“What is it that is going to fix the job market we are in?”
This is the question I was asked at a cocktail party Friday night by a tipsy C-suite executive who was going on and on about how his HR department was failing him.
I know I am not alone in feeling like leaders in HR have it almost as hard as teachers did when they suddenly had to go virtual during Covid.
The entire landscape changed. Volume exploded. Expectations shifted and spiked simultaneously. Tools showed up that promised efficiency but demanded a completely new way of working. Overnight, HR teams were expected to evaluate people faster, with more data, under more pressure, and with less margin for error.
I took a deep breath and replied, “I get your frustration, Mike. But I think HR teams are dealing with two to three times more applicants than a few years ago, while nearly every company has added AI to their hiring workflows. That is not a simplification at first. It is a whole new approach, and clarity has not kept up with complexity. HR is not failing you; it is a system changing faster than people can adapt to it. You cannot automate your way out of an unclear mission. If leaders get clear, HR will become your superheroes.”
He paused. Took a sip of whatever was in his glass. And then, in a way that told me he had actually heard something, he said:
“So, what would you recommend I do first?”
Well, let me tell ya…
The job market did not break because AI showed up. It got complicated when AI emerged, and most organizations are redefining what they are actually hiring for.

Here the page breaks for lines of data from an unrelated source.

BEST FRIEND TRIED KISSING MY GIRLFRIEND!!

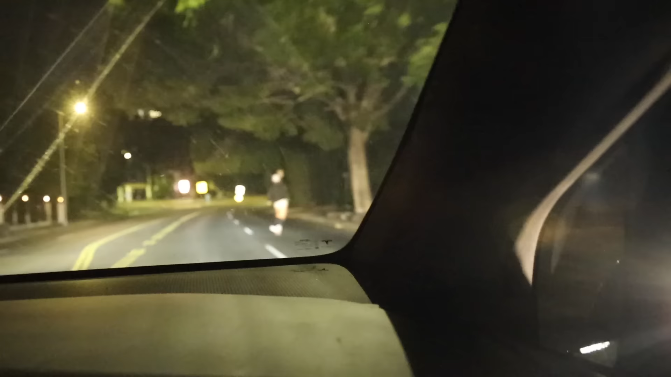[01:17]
Michael, get out of the middle of the road! I'm gonna smack that ass! Oh my god!
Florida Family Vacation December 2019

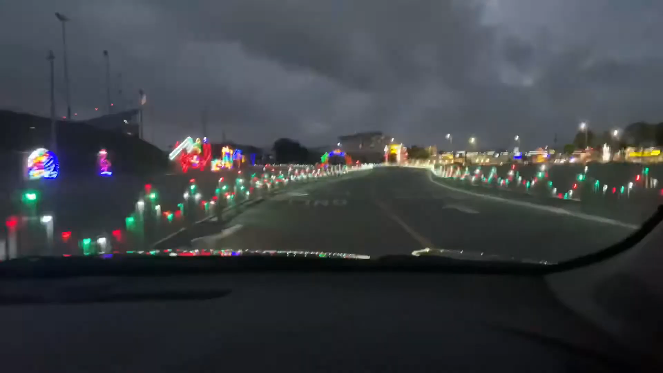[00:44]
I really feel like you're gonna hit the side though. I don't know why you're thinking that. It's a big wide road. Jill, how close is your mirror to the gate? Honestly. Is it close or not? Over a million lights, they said.
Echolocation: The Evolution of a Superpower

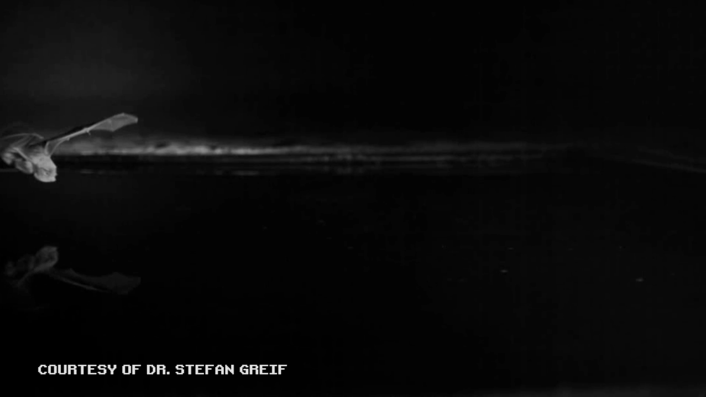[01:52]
The best natural sonar belongs to bats, who use it to catch prey as small as a moth.

Think about what AI did to the volume side of the equation. When applying for a job takes twelve minutes instead of forty-five, more people apply. When a candidate can tailor a resume to a job description in seconds, every resume looks more qualified. When AI is screening on the other end too, the filtering is faster, but the criteria being filtered for is still whatever was in the job description, which in most companies was written two years ago by someone who has since left, edited by HR to be legally compliant, and approved by a hiring manager who skimmed it.
You put a high-speed tool on top of a low-clarity foundation and you do not get better hiring. You reach a faster state of confusion.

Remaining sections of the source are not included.